"Onward and upward" is what my Dr. says after he's examined me, questioned me, and evaluated my blood counts! (That's on the days I "pass"!) And I passed today! Thanks for your prayers!
My platelets and red count are getting lower. The nurse reminded me that I don't have any "to give away" and I assured her I hadn't been! The Dr. and nurse both talked about a transfusion. So that may be part of my future adventures on this journey. I think they are preparing me for the eventuality! I hope I can escape that treatment but, as the Dr. said, "It's not the end of the world."
The low red count/hemoglobin will eventually make me tired. Right now I still have an amazing amount of energy, although I do get winded when I do some "normal" things. So the nurse said when I get "too pooped to go", they'll probably do a transfusion.
Today's treatment zapped me. I expected that to happen last week and it didn't. Who knew?! I feel like I've been soaked in chemicals and I had to "sleep off my drunk" when I got home. But I'm up moving around again. I don't want that stuff to "pool in my veins"!! (I know that's not very medical or scientific, but that's how I feel!:-))) I watered my herb garden and walked around outside a little. Tomorrow I hope to be back on my daily "regimen". The nurse suggested that instead of drinking so much water, that I drink more things with nourishment in them so I'm getting ready to make a bunch of limeade. I'm so excited! That will make drinking much more fun! (I know, who said drinking wasn't fun?) :-) My weight was down a little this week so along with drinking more nourishment, I'm supposing it would also be advisable to eat more ice cream. (That's my own prescription!)
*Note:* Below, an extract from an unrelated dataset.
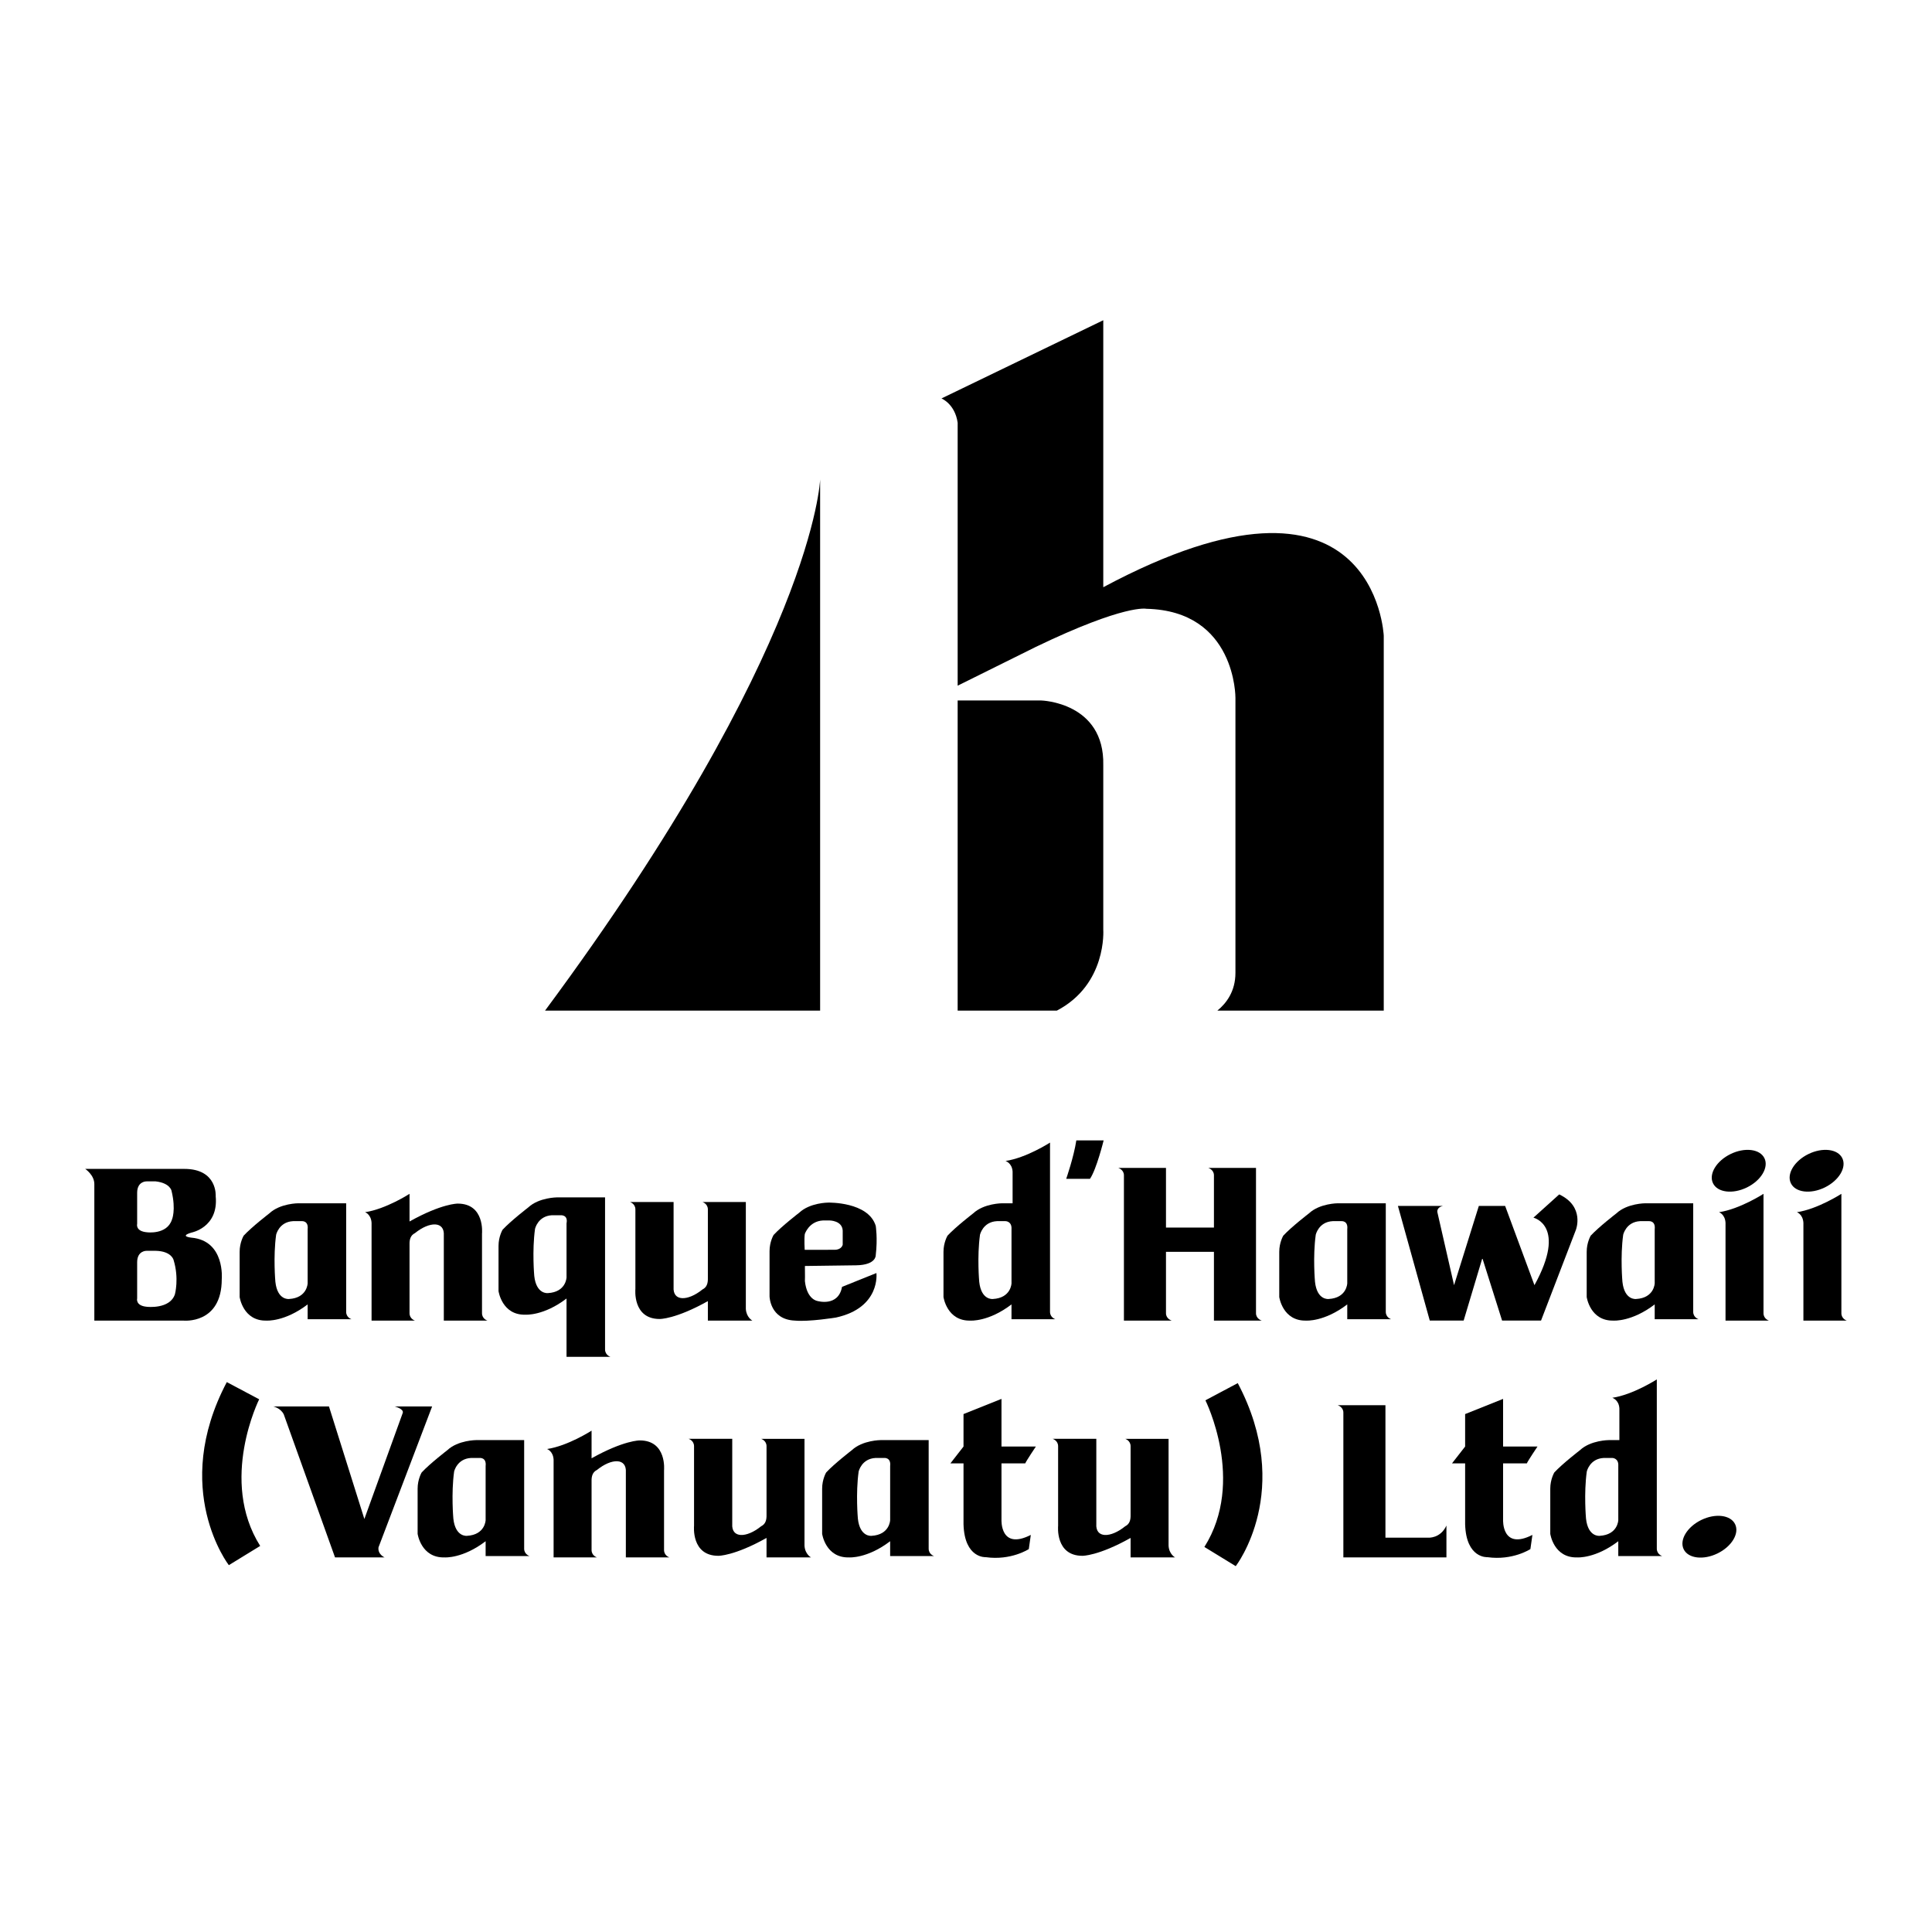 <svg xmlns="http://www.w3.org/2000/svg" width="2500" height="2500" viewBox="0 0 192.756 192.756"><g fill-rule="evenodd" clip-rule="evenodd"><path fill="#fff" d="M0 0h192.756v192.756H0V0z"/><path d="M54.379 100.83h27.445V47.825s-.538 16.681-27.445 53.005zM110.074 58.587V31.95l-16.143 7.803s1.345.538 1.615 2.422v26.236l7.802-3.871c8.947-4.305 11.033-3.8 11.033-3.8 8.945.202 8.879 8.879 8.879 8.879v27.444c0 1.83-.891 3.021-1.805 3.768h16.602v-37.4c0-.001-.807-19.373-27.983-4.844z"/><path d="M110.074 92.758V76.345c.135-6.289-6.188-6.458-6.188-6.458h-8.341v30.943h9.896c5.02-2.623 4.633-8.072 4.633-8.072zM34.536 130.881c0 .572.538.74.538.74h-4.38v-1.48c-2.288 1.75-4.095 1.615-4.095 1.615-2.354.066-2.69-2.355-2.69-2.355v-4.506c0-.941.404-1.615.404-1.615.807-.873 2.556-2.219 2.556-2.219 1.076-1.01 2.892-1.01 2.892-1.01h4.776v10.83h-.001z"/><path d="M30.096 121.834h-.857c-1.413.076-1.69 1.361-1.69 1.361-.303 2.195-.075 4.691-.075 4.691.202 1.867 1.362 1.715 1.362 1.715 1.816-.1 1.858-1.562 1.858-1.562v-5.398c.1-.883-.598-.807-.598-.807z" fill="#fff"/><path d="M138.26 130.881c0 .572.537.74.537.74h-4.381v-1.48c-2.287 1.75-4.094 1.615-4.094 1.615-2.355.066-2.691-2.355-2.691-2.355v-4.506c0-.941.404-1.615.404-1.615.807-.873 2.557-2.219 2.557-2.219 1.076-1.01 2.891-1.01 2.891-1.01h4.777v10.83z"/><path d="M133.82 121.834h-.857c-1.414.076-1.691 1.361-1.691 1.361-.303 2.195-.074 4.691-.074 4.691.201 1.867 1.361 1.715 1.361 1.715 1.816-.1 1.857-1.562 1.857-1.562v-5.398c.102-.883-.596-.807-.596-.807z" fill="#fff"/><path d="M79.301 131.756c-2.489-.102-2.523-2.422-2.523-2.422v-4.508c0-.941.404-1.613.404-1.613.807-.875 2.556-2.221 2.556-2.221 1.076-1.008 2.892-1.008 2.892-1.008s4.003-.102 4.743 2.32c0 0 .202 1.244 0 2.926 0 0 .067.975-1.951 1.01l-5.116.068c.019.893 0 1.512 0 1.512.202 1.867 1.265 1.984 1.265 1.984s2.068.605 2.438-1.412l3.431-1.379s.438 3.463-4.036 4.439c0 .001-2.691.439-4.103.304z"/><path d="M83.27 124.691c.706 0 .807-.504.807-.504v-1.412c-.05-1.01-1.312-1.01-1.312-1.01h-.656c-1.413.076-1.816 1.363-1.816 1.363-.071.518-.009 1.568-.009 1.568l2.986-.005z" fill="#fff"/><path d="M168.932 130.881c0 .572.539.74.539.74h-4.381v-1.48c-2.287 1.75-4.096 1.615-4.096 1.615-2.354.066-2.689-2.355-2.689-2.355v-4.506c0-.941.402-1.615.402-1.615.809-.873 2.557-2.219 2.557-2.219 1.076-1.01 2.893-1.01 2.893-1.01h4.775v10.83z"/><path d="M164.492 121.834h-.857c-1.412.076-1.689 1.361-1.689 1.361-.303 2.195-.076 4.691-.076 4.691.201 1.867 1.363 1.715 1.363 1.715 1.814-.1 1.857-1.562 1.857-1.562v-5.398c.101-.883-.598-.807-.598-.807z" fill="#fff"/><path d="M92.653 154.508c0 .572.538.74.538.74H88.81v-1.48c-2.287 1.75-4.094 1.615-4.094 1.615-2.354.066-2.691-2.355-2.691-2.355v-4.506c0-.941.403-1.615.403-1.615.807-.873 2.556-2.219 2.556-2.219 1.076-1.01 2.893-1.01 2.893-1.01h4.776v10.83z"/><path d="M88.213 145.461h-.857c-1.413.074-1.69 1.361-1.69 1.361-.303 2.195-.076 4.691-.076 4.691.202 1.867 1.362 1.717 1.362 1.717 1.816-.102 1.858-1.564 1.858-1.564v-5.398c.102-.883-.597-.807-.597-.807z" fill="#fff"/><path d="M52.294 154.508c0 .572.538.74.538.74h-4.381v-1.48c-2.287 1.75-4.095 1.615-4.095 1.615-2.354.066-2.69-2.355-2.69-2.355v-4.506c0-.941.404-1.615.404-1.615.807-.873 2.556-2.219 2.556-2.219 1.076-1.01 2.893-1.01 2.893-1.01h4.776v10.83h-.001z"/><path d="M47.854 145.461h-.857c-1.412.074-1.69 1.361-1.69 1.361-.303 2.195-.076 4.691-.076 4.691.202 1.867 1.362 1.717 1.362 1.717 1.816-.102 1.858-1.564 1.858-1.564v-5.398c.101-.883-.597-.807-.597-.807z" fill="#fff"/><path d="M60.366 134.631c0 .572.538.74.538.74h-4.381v-5.818c-2.287 1.748-4.095 1.613-4.095 1.613-2.354.068-2.69-2.354-2.69-2.354v-4.508c0-.941.404-1.613.404-1.613.807-.875 2.556-2.221 2.556-2.221 1.076-1.008 2.892-1.008 2.892-1.008h4.776v15.169z"/><path d="M55.926 121.244h-.857c-1.413.076-1.69 1.363-1.69 1.363-.303 2.193-.076 4.691-.076 4.691.202 1.867 1.362 1.715 1.362 1.715 1.816-.1 1.858-1.564 1.858-1.564v-5.396c.177-.883-.597-.809-.597-.809z" fill="#fff"/><path d="M101.027 116.889c-.051-.857-.705-1.059-.705-1.059 2.068-.303 4.439-1.834 4.439-1.834v16.885c0 .572.537.74.537.74h-4.381v-1.48c-2.287 1.75-4.094 1.615-4.094 1.615-2.354.066-2.691-2.355-2.691-2.355v-4.506c0-.941.404-1.615.404-1.615.808-.873 2.555-2.219 2.555-2.219 1.078-1.01 2.893-1.01 2.893-1.01h1.043v-3.162z"/><path d="M100.322 121.834h-.857c-1.414.076-1.691 1.361-1.691 1.361-.303 2.195-.076 4.691-.076 4.691.203 1.867 1.363 1.715 1.363 1.715 1.816-.1 1.857-1.562 1.857-1.562v-5.398c.051-.807-.596-.807-.596-.807z" fill="#fff"/><path d="M48.628 131.756s-.538-.168-.538-.74v-7.938s.302-2.994-2.421-2.994c0 0-1.576-.027-4.81 1.783v-2.758s-2.372 1.529-4.439 1.832c0 0 .601.203.651 1.061v9.754h4.326s-.538-.168-.538-.74v-6.857c-.014-.518.112-.918.539-1.129 1.459-1.182 2.981-1.215 2.881.25v8.477h4.349v-.001zM66.79 155.383s-.538-.168-.538-.74v-7.938s.303-2.994-2.422-2.994c0 0-1.575-.027-4.809 1.783v-2.758s-2.371 1.529-4.44 1.832c0 0 .602.203.652 1.061v9.754h4.326s-.538-.168-.538-.74v-6.857c-.014-.518.112-.918.539-1.129 1.458-1.182 2.982-1.215 2.881.25v8.477h4.349v-.001zM161.566 140.516c-.051-.857-.705-1.059-.705-1.059 2.068-.303 4.439-1.834 4.439-1.834v16.885c0 .572.537.74.537.74h-4.381v-1.48c-2.287 1.75-4.094 1.615-4.094 1.615-2.355.066-2.691-2.355-2.691-2.355v-4.506c0-.941.404-1.615.404-1.615.807-.873 2.555-2.219 2.555-2.219 1.076-1.01 2.893-1.01 2.893-1.01h1.043v-3.162z"/><path d="M160.861 145.461h-.859c-1.412.074-1.689 1.361-1.689 1.361-.303 2.195-.076 4.691-.076 4.691.203 1.867 1.363 1.717 1.363 1.717 1.816-.102 1.857-1.564 1.857-1.564v-5.398c.051-.807-.596-.807-.596-.807z" fill="#fff"/><path d="M146.176 152.08V146h-1.309l1.309-1.678v-3.24l3.787-1.514v4.754h3.432s-.959 1.426-1.061 1.678h-2.371v5.625s-.15 3.078 2.926 1.514l-.201 1.414s-1.766 1.16-4.287.807c-.001-.001-2.124.15-2.225-3.28zM96.13 152.08V146h-1.307l1.307-1.678v-3.24l3.788-1.514v4.754h3.43s-.957 1.426-1.059 1.678h-2.371v5.625s-.152 3.078 2.926 1.514l-.201 1.414s-1.766 1.16-4.289.807c0-.001-2.123.15-2.224-3.28zM68.707 143.553s.538.168.538.738v7.938s-.303 2.994 2.422 2.994c0 0 1.576.029 4.81-1.783v1.943h4.439s-.602-.312-.651-1.17v-10.66h-4.326s.538.168.538.738v6.857c.014.518-.112.918-.54 1.129-1.458 1.182-2.982 1.215-2.881-.25v-8.475h-4.349v.001zM105.029 143.553s.539.168.539.738v7.938s-.303 2.994 2.422 2.994c0 0 1.576.029 4.809-1.783v1.943h4.439s-.602-.312-.65-1.17v-10.66h-4.326s.537.168.537.738v6.857c.014.518-.111.918-.539 1.129-1.459 1.182-2.982 1.215-2.881-.25v-8.475h-4.35v.001zM62.855 119.924s.538.17.538.74v7.938s-.303 2.994 2.422 2.994c0 0 1.576.029 4.809-1.783v1.943h4.439s-.601-.312-.651-1.17v-10.662h-4.326s.538.17.538.74v6.857c.014.518-.112.918-.539 1.129-1.459 1.182-2.981 1.215-2.881-.25v-8.477h-4.349v.001zM106.375 117.613s.758-2.17 1.01-3.834h2.725s-.707 2.875-1.363 3.834h-2.372zM18.392 116.621c3.33 0 3.128 2.725 3.128 2.725.303 3.127-2.422 3.631-2.422 3.631-1.261.379 0 .504 0 .504 3.38.303 3.027 4.139 3.027 4.139 0 4.539-3.834 4.137-3.834 4.137H9.412v-13.623c0-.906-.908-1.512-.908-1.512h9.888v-.001z"/><path d="M13.684 119.008v3.096s-.202.738.975.84c0 0 1.984.27 2.489-1.244 0 0 .437-.941-.034-2.893 0 0-.134-.773-1.581-.941h-.908c0-.001-.941-.034-.941 1.142zM13.684 125.938v3.598s-.202.74.975.842c0 0 2.287.268 2.792-1.246 0 0 .437-1.58-.135-3.43 0 0-.202-.875-1.783-.908h-.908c0-.001-.941-.034-.941 1.144z" fill="#fff"/><path d="M25.858 139.607s-4.036 8.072.101 14.631l-3.128 1.918s-5.852-7.568-.202-18.264l3.229 1.715zM120.264 139.709s4.037 8.072-.102 14.631l3.129 1.916s5.852-7.566.201-18.262l-3.228 1.715zM27.271 140.322s.74.16 1.043.799l5.112 14.262h4.944s-.706-.303-.605-1.01l5.348-14.051H39.38s.908.229.807.631l-3.834 10.596-3.532-11.227h-5.55zM125.883 131.756s-.572-.168-.572-.74V116.52h-4.768s.572.168.572.74v5.213h-4.785v-5.953h-4.768s.572.168.572.74v14.496h4.768s-.572-.168-.572-.74v-6.121h4.785v6.861h4.768zM175.945 119.109s-2.371 1.529-4.439 1.832c0 0 .602.203.65 1.061v9.754h4.326s-.537-.168-.537-.74v-11.907zM176.037 115.553c-.449-.92-1.963-1.105-3.379-.414s-2.199 1.998-1.75 2.918c.449.922 1.963 1.107 3.379.416s2.199-1.998 1.75-2.92zM173.111 152.066c-.449-.922-1.963-1.107-3.379-.416-1.416.693-2.199 2-1.75 2.92s1.961 1.105 3.379.414c1.416-.691 2.2-1.998 1.75-2.918zM183.715 119.109s-2.371 1.529-4.439 1.832c0 0 .6.203.65 1.061v9.754h4.326s-.537-.168-.537-.74v-11.907zM183.807 115.553c-.449-.92-1.963-1.105-3.379-.414s-2.199 1.998-1.75 2.918c.449.922 1.961 1.107 3.379.416 1.416-.692 2.199-1.998 1.75-2.92zM144.312 152.203c-.605 1.312-1.816 1.211-1.816 1.211h-4.27v-13.217h-4.768s.57.168.57.74v14.445h10.283v-3.179h.001zM139.471 120.316l3.178 11.439h3.379l1.867-6.23 1.969 6.23h3.885l3.48-9.057s.908-2.32-1.666-3.531l-2.572 2.32s3.381.783.102 6.736l-2.926-7.908h-2.623l-2.473 7.908-1.666-7.291s-.1-.467.555-.617h-4.489v.001z"/></g></svg>

Today's song that was going through my mind when I woke up is one we sang in church on Sunday. I may have mentioned it before, but it is relevant again today, and it is "today's song"! I'll share part of it. The title is "All Must Be Well" On iTunes it's sung by Matthew Smith on Incredible Grace Music if you want to download it. I thank God for putting it in my mind while I was asleep last night. What a wonderful truth upon which to meditate as I awakened this morning! The 2nd and 3rd verses go as follows:
Though we pass through tribulation, All will be well.
Cause it's such a full salvation, All is well.
Happy still in God confiding,
Fruitful if in Christ abiding,
Steadfast through the Spirit's guiding, All must be well.
We expect a bright tomorrow, All will be well.
Faith can sing through days of sorrow, All is well.
On our Father's love relying,
Jesus every need supplying,
Yes, in living or in dying, All must be well!
I am confident that all is well and all will be well! One last thought. I seriously laughed out loud during my devotions one morning last week. The verse that was part of the reading for that day was Psalm 6:2, "O Lord, heal me, for my bones are in distress." I couldn't believe it! It was so relevant! Straight to my heart (or bones!) That verse has now become my prayer and I wasn't surprised when my counts were "okay" this morning! I will appreciate your continued prayers that the Lord will heal my bones and that they will make all the blood they should be making!
Seven more treatments! Two more cycles!! Thanks for hanging in there with me on this journey! God is so good - all the time! He is the One to be praised for the strength He provides to me each day!
God IS so good to us for all the comfort He gives us during these troubling times. That verse is great! We continue to pray.